The transposon-mediated gene trap approach identified novel genes that expressed maternally and involved in embryogenesis
Tomoya Kotani, Saori Nagayoshi, and Koichi Kawakami
National Institute of Genetics, Mishima, Japan
Genes expressed maternally are thought to play important roles in early development. Some maternal mutants have been identified by ENU-based chemical mutagenesis. However, it is difficult to identify the genes responsible for the phenotypes of maternal mutants by positional cloning, compared with those of zygotic mutants. We have been developing a gene trap method in zebrafish using the Tol2 transposon system. The insertions of a transposon-based gene trap vector containing a splice acceptor and the promoter-less GFP gene caused the GFP-expression in temporally and spatially restricted patterns during development. We found that a third of the GFP-expressions was also caused in the fertilized eggs. In order to identify novel maternal genes and to reveal their functions during zebrafish development, we analyzed the fish lines expressing GFP in the fertilized eggs.
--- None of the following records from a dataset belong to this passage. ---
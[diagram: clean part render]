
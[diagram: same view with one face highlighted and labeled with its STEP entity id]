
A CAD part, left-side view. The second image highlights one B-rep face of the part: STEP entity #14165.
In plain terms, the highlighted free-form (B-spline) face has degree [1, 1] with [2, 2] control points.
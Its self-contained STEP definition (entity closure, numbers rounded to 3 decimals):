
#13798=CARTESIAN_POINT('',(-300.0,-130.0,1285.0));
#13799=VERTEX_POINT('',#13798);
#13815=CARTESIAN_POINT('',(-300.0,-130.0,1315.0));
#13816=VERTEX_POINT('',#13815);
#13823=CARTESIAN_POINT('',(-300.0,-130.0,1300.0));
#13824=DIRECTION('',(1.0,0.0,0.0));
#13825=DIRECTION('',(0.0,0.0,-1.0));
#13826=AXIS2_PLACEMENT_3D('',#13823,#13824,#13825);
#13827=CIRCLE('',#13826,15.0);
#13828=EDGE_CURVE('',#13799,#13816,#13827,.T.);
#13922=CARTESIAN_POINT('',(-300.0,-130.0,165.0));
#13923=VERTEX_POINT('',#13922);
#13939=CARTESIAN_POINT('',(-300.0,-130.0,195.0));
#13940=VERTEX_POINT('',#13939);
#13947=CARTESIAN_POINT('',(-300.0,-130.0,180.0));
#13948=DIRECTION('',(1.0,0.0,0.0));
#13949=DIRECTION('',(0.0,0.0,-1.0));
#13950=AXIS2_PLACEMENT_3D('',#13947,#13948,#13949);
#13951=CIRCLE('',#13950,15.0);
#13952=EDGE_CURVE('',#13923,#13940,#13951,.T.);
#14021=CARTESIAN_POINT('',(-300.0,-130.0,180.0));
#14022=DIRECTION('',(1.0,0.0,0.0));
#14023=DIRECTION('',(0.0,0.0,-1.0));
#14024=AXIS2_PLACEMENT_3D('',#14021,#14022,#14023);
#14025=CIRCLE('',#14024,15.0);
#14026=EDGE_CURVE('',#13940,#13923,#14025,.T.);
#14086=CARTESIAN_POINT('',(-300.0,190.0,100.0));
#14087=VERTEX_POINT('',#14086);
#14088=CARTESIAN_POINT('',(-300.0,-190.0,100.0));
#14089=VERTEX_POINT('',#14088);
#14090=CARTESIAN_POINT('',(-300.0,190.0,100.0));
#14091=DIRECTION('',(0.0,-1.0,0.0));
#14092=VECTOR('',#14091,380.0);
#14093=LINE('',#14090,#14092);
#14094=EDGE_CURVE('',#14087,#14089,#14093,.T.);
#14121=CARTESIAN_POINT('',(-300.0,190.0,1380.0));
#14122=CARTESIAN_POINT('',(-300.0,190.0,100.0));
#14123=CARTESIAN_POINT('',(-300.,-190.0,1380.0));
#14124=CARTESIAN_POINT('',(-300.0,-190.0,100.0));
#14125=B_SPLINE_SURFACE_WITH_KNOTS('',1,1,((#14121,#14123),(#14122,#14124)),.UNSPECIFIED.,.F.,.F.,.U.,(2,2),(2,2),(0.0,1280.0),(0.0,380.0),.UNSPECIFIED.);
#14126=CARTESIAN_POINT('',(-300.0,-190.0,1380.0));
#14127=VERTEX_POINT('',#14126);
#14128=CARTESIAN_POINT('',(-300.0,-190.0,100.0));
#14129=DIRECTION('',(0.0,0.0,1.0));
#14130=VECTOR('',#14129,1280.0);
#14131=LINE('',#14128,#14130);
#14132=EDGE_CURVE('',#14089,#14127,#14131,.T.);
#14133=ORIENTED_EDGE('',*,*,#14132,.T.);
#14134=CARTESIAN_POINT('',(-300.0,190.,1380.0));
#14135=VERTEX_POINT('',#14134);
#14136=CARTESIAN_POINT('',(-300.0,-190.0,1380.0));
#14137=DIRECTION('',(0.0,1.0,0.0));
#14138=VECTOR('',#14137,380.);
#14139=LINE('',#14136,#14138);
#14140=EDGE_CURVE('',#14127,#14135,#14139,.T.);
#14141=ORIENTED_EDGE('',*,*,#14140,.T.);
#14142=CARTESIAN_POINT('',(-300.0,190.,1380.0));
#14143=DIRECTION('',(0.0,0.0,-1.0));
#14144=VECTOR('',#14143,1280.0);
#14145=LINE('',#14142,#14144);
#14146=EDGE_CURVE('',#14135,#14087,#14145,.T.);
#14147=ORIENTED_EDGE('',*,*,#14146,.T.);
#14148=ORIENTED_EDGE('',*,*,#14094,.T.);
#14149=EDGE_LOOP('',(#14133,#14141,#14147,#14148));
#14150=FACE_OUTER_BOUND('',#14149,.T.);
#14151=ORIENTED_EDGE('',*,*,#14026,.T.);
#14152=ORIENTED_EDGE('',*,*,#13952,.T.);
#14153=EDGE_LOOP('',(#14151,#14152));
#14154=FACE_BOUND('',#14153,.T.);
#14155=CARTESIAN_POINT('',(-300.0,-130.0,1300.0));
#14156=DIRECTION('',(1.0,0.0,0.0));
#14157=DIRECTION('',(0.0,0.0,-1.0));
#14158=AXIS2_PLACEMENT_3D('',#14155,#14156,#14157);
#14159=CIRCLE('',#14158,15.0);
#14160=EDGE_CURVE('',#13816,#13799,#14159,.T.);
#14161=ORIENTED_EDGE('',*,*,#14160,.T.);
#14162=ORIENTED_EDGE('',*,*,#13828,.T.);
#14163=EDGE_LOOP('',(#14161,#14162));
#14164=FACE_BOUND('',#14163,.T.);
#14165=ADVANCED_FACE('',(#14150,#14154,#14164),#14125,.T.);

The gene trap fish line, SAG20, expressed GFP in the fertilized eggs. Zygotic expression of GFP was first observed in notochord at 12 hpf. The trapped transcript was identified by 5’RACE, and the full-length cDNA was cloned by 3’RACE. The gene was tentatively named sag20. In situ hybridization revealed that the sag20 gene was indeed expressed maternally and in notochord. The sag20 gene product is highly conserved among vertebrates and has a coiled coil domain in the C-terminal region. Transcription of the sag20 gene was undetectable by RT-PCR in homozygous fish. The maternal homozygous embryos showed defective phenotypes in mesenchymal-to-epithelial transformation and in myoD expression during gastrulation and somitogenesis. Also, we have identified six genes, five of which are novel, trapped in the fish lines expressing GFP maternally. These results show that our gene trap method is useful for identifying novel maternal genes and analyzing their functions during zebrafish development.